Formerly known as Koninginnedag or Queen's Day, when Queen Beatrix ascended the throne in 1980 she retained the celebration on 30 April, her mother's, Queen Juliana's birthday, despite her actual birthday occurring on 31 January. Queen Beatrix abdicated on Koninginnedag 2013 which led to the accession of the first King since the observance of the national holiday, King Willem-Alexander. Hence, from 2014, the holiday became known as Koningsdag or King's Day and the date moved to 27 April, the birthday of King Willem-Alexander.
The normally straight-laced Dutch really let their hair down to make the most of the festivities. Known as oranjegekte, or orange madness after the national colour, the Dutch dress up in the most unlikely and extravagant orange outfits often topped off with an orange wig or over-sized orange sunglasses. Then it's all aboard the canal boats to live the real King's Day experience with friends and family. It's the largest and most colourful festival in the Netherlands, particularly in Amsterdam where the whole city stops and the party starts.
If you're visiting Amsterdam to enjoy Koningsdag then may we suggest you refer to our Amsterdam city and bar guide.

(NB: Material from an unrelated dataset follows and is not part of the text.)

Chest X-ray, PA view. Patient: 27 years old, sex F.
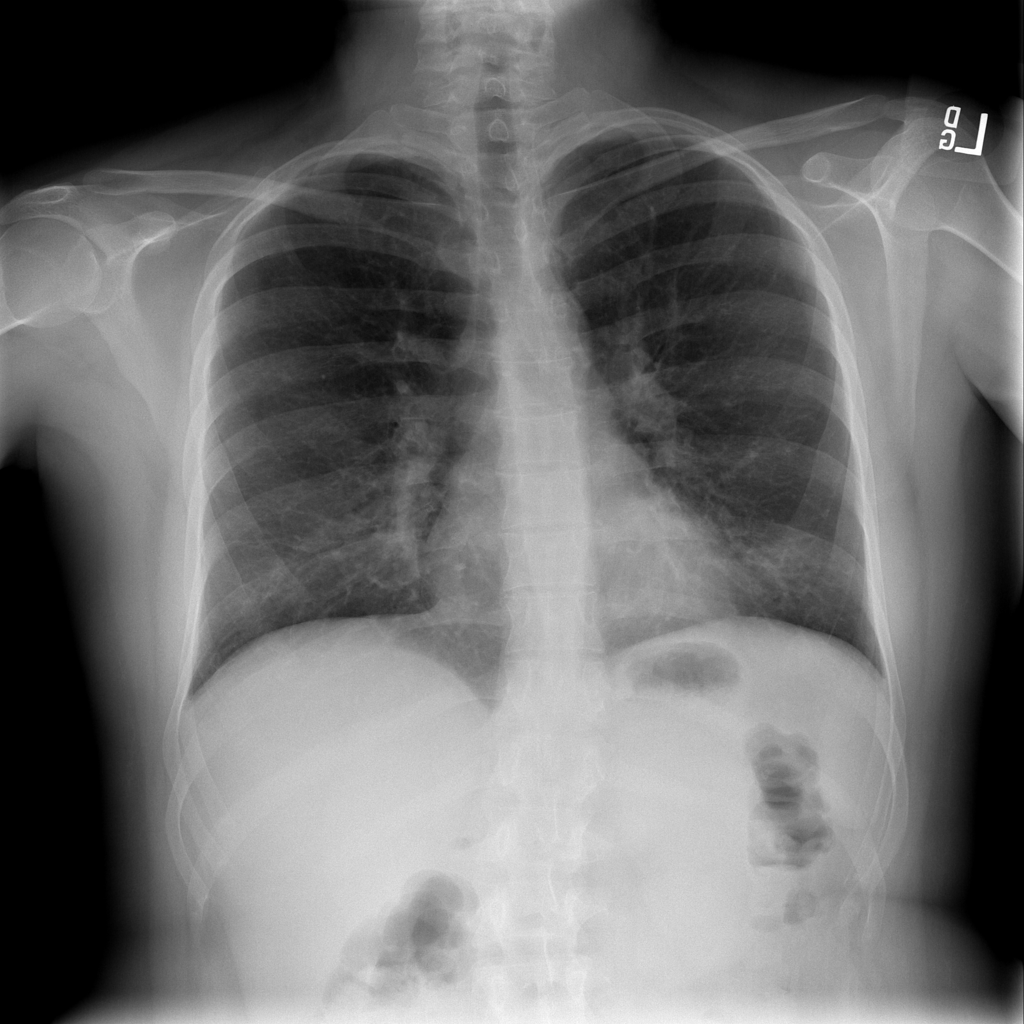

Koningsdag is also renowned for vrijmarkt. Literally translating as 'free market' this is best likened to a national boot fair where the Dutch sell unwanted possessions.
Inspired by the King's Day celebrations our own Simon Difford created Koningsdag, a cocktail that's appropriately bright orange in colour and uses Dutch ingredients including Ketel One vodka.
One of our Dutch bartender friends and finalist of Diageo's World Class competition 2012, Fjalar Goud, has crafted a cocktail using Ketel One vodka to honour the day. Called The King Of Orange he crowned the cocktail, literally, with a zest of orange.
Let's join our Dutch friends and raise a toast to the King - Proost!